• _WORK ITEM_
Every record below must be written out exactly. Leave out the pictures.

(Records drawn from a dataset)
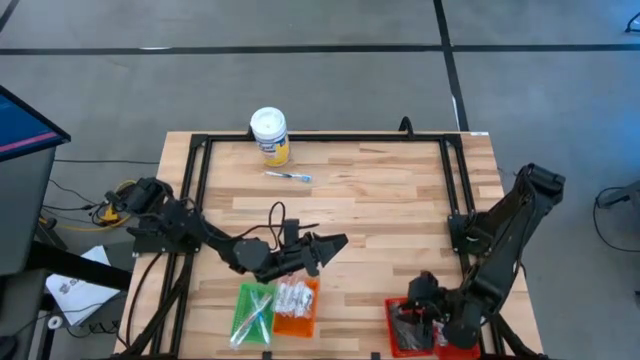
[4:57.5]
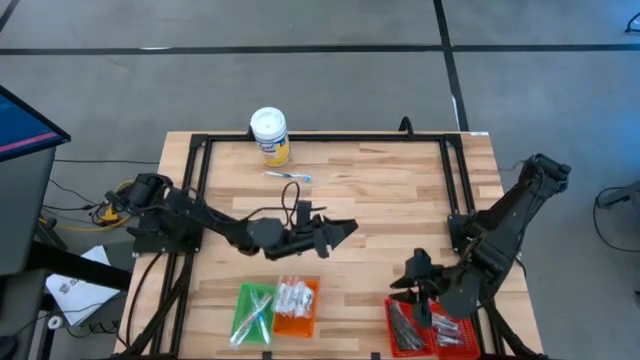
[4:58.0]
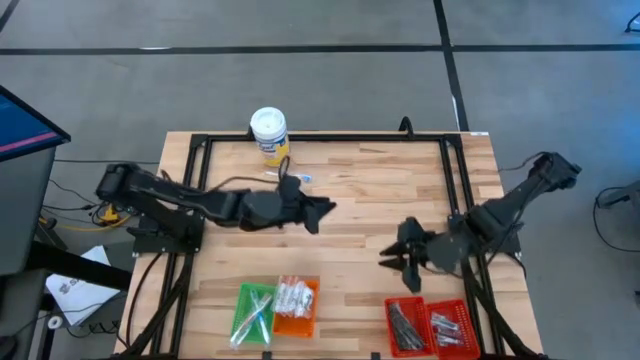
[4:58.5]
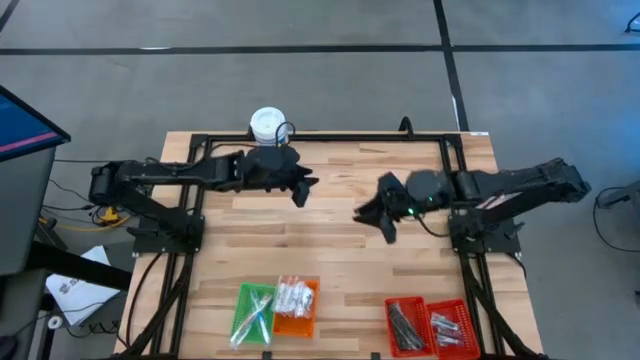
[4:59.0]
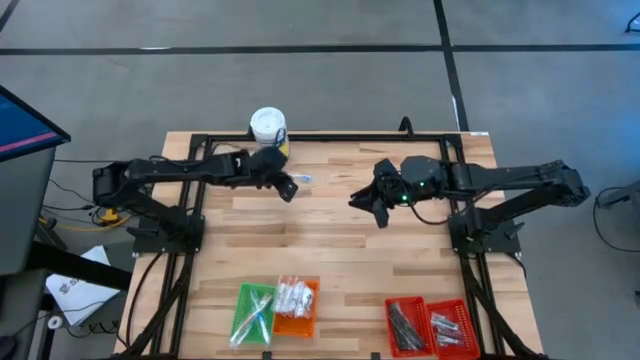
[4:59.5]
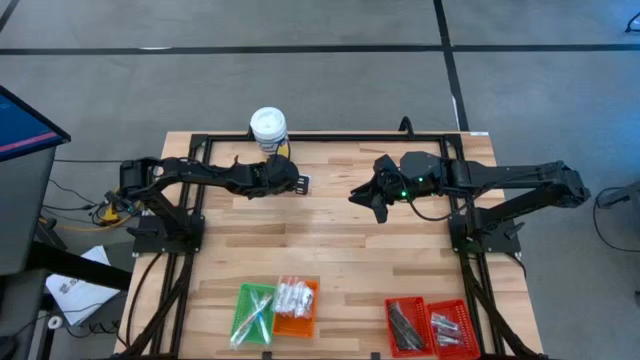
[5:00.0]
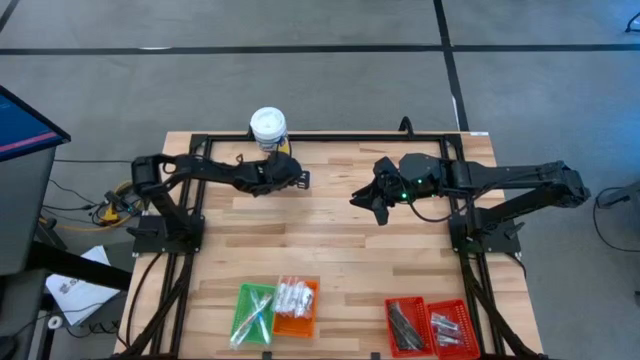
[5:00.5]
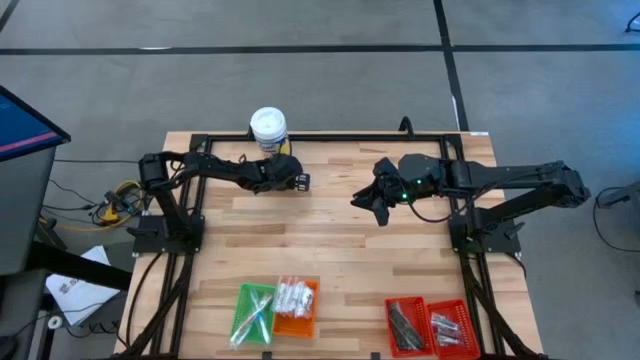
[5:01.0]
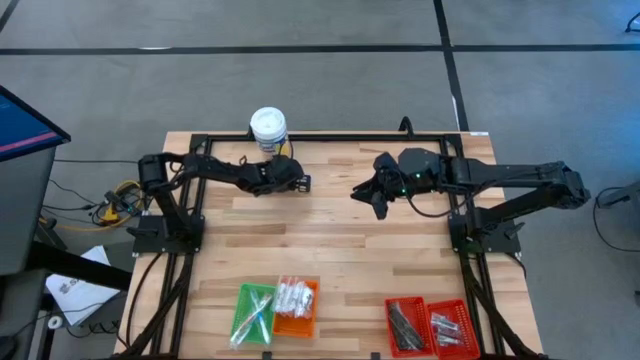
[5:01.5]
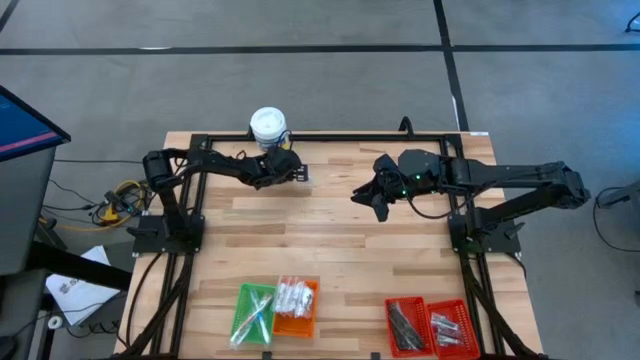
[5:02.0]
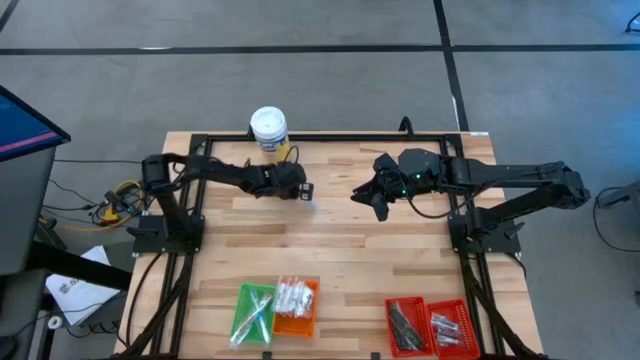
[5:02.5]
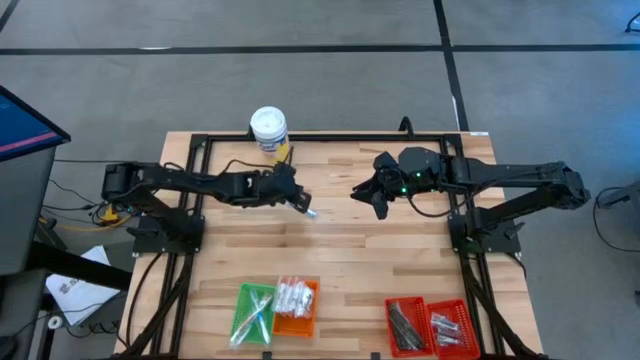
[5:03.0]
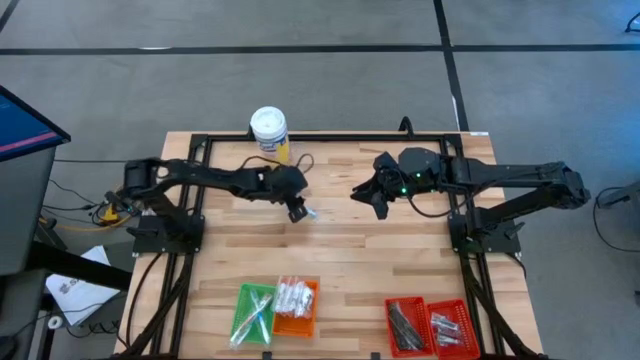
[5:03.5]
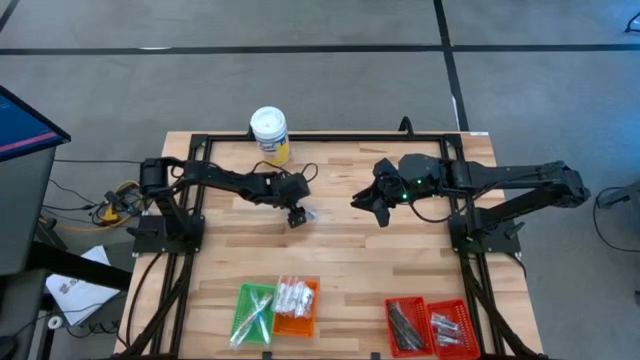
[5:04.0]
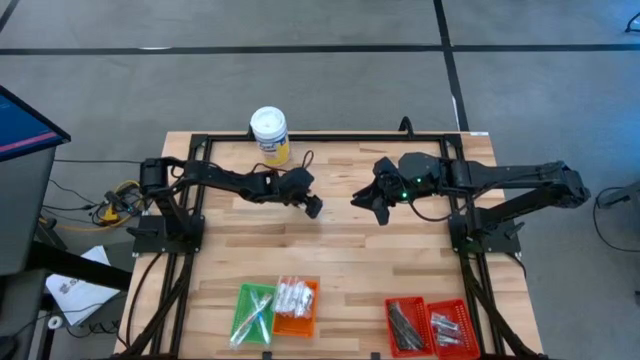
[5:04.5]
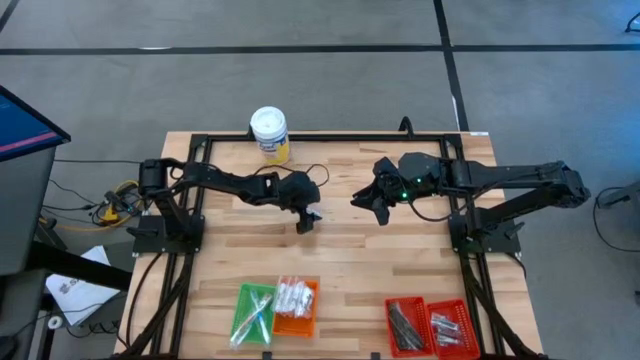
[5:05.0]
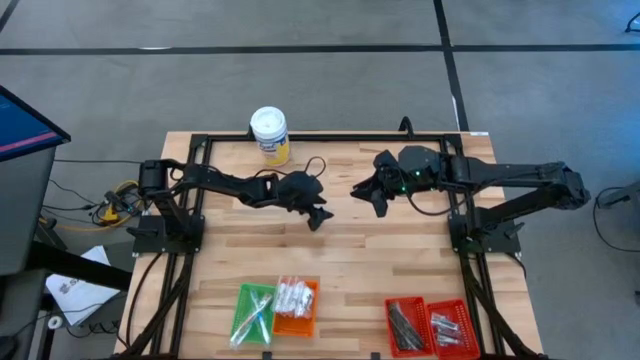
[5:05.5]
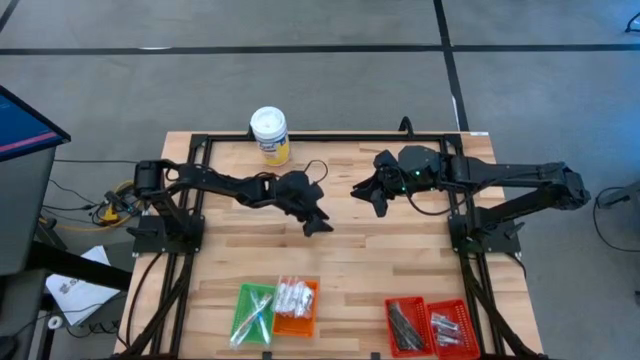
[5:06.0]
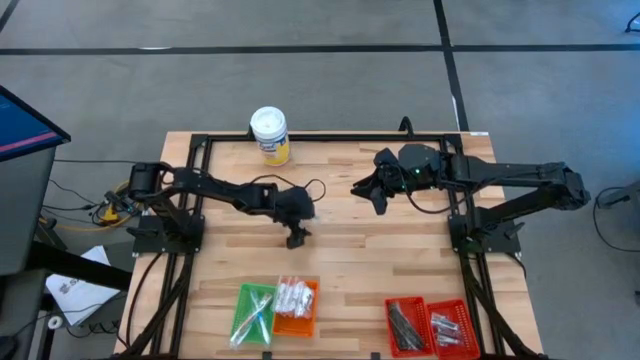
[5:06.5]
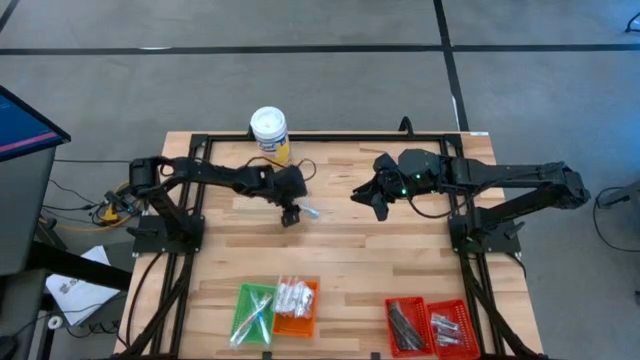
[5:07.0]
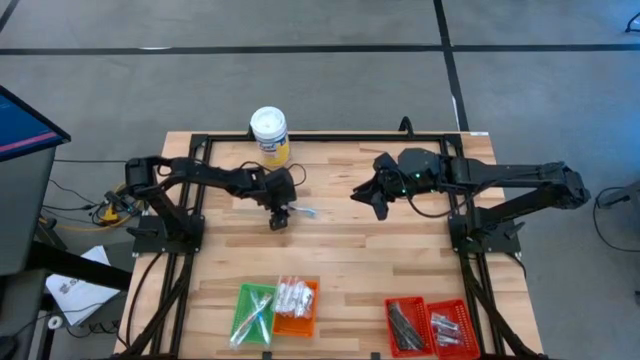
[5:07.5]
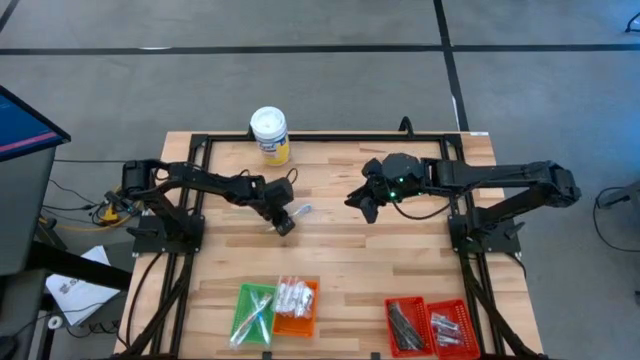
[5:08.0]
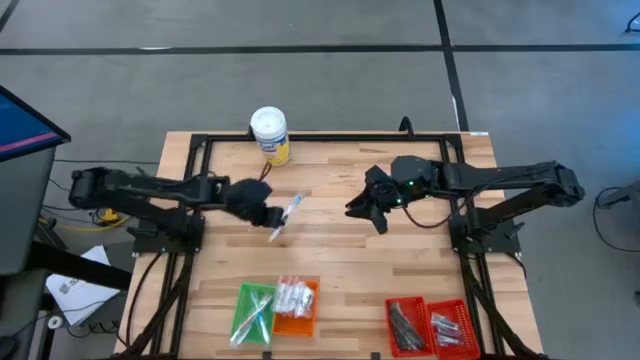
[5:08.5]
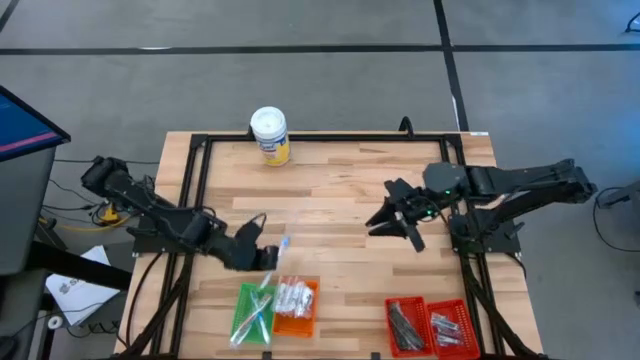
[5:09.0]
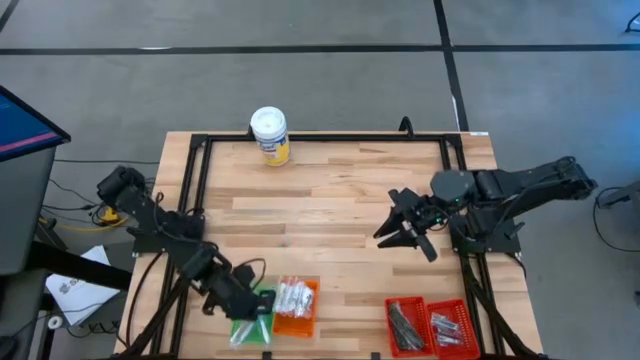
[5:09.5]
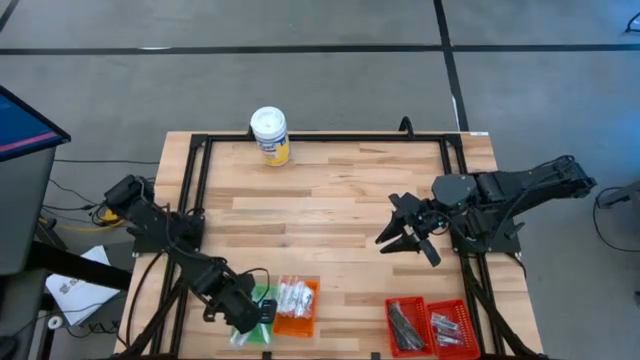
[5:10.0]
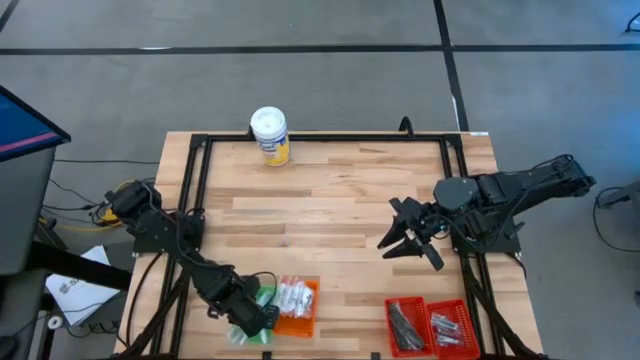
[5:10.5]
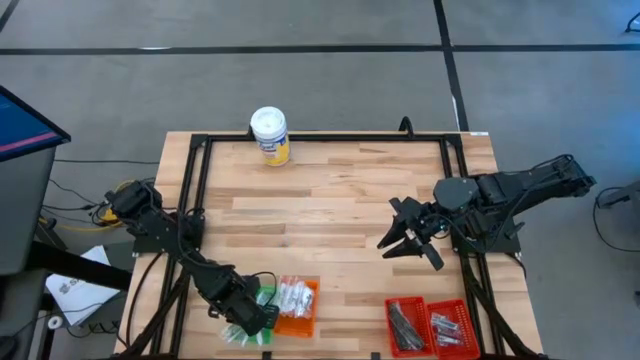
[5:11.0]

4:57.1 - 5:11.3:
Task: Pick & Place Travel size toiletries
Put the blue toothbrush into the green basket

• _RESPONSE_
[4:57.5]
[4:58.0]
[4:58.5]
[4:59.0]
[4:59.5]
[5:00.0]
[5:00.5]
[5:01.0]
[5:01.5]
[5:02.0]
[5:02.5]
[5:03.0]
[5:03.5]
[5:04.0]
[5:04.5]
[5:05.0]
[5:05.5]
[5:06.0]
[5:06.5]
[5:07.0]
[5:07.5]
[5:08.0]
[5:08.5]
[5:09.0]
[5:09.5]
[5:10.0]
[5:10.5]
[5:11.0]

4:57.1 - 5:11.3:
Task: Pick & Place Travel size toiletries
Put the blue toothbrush into the green basket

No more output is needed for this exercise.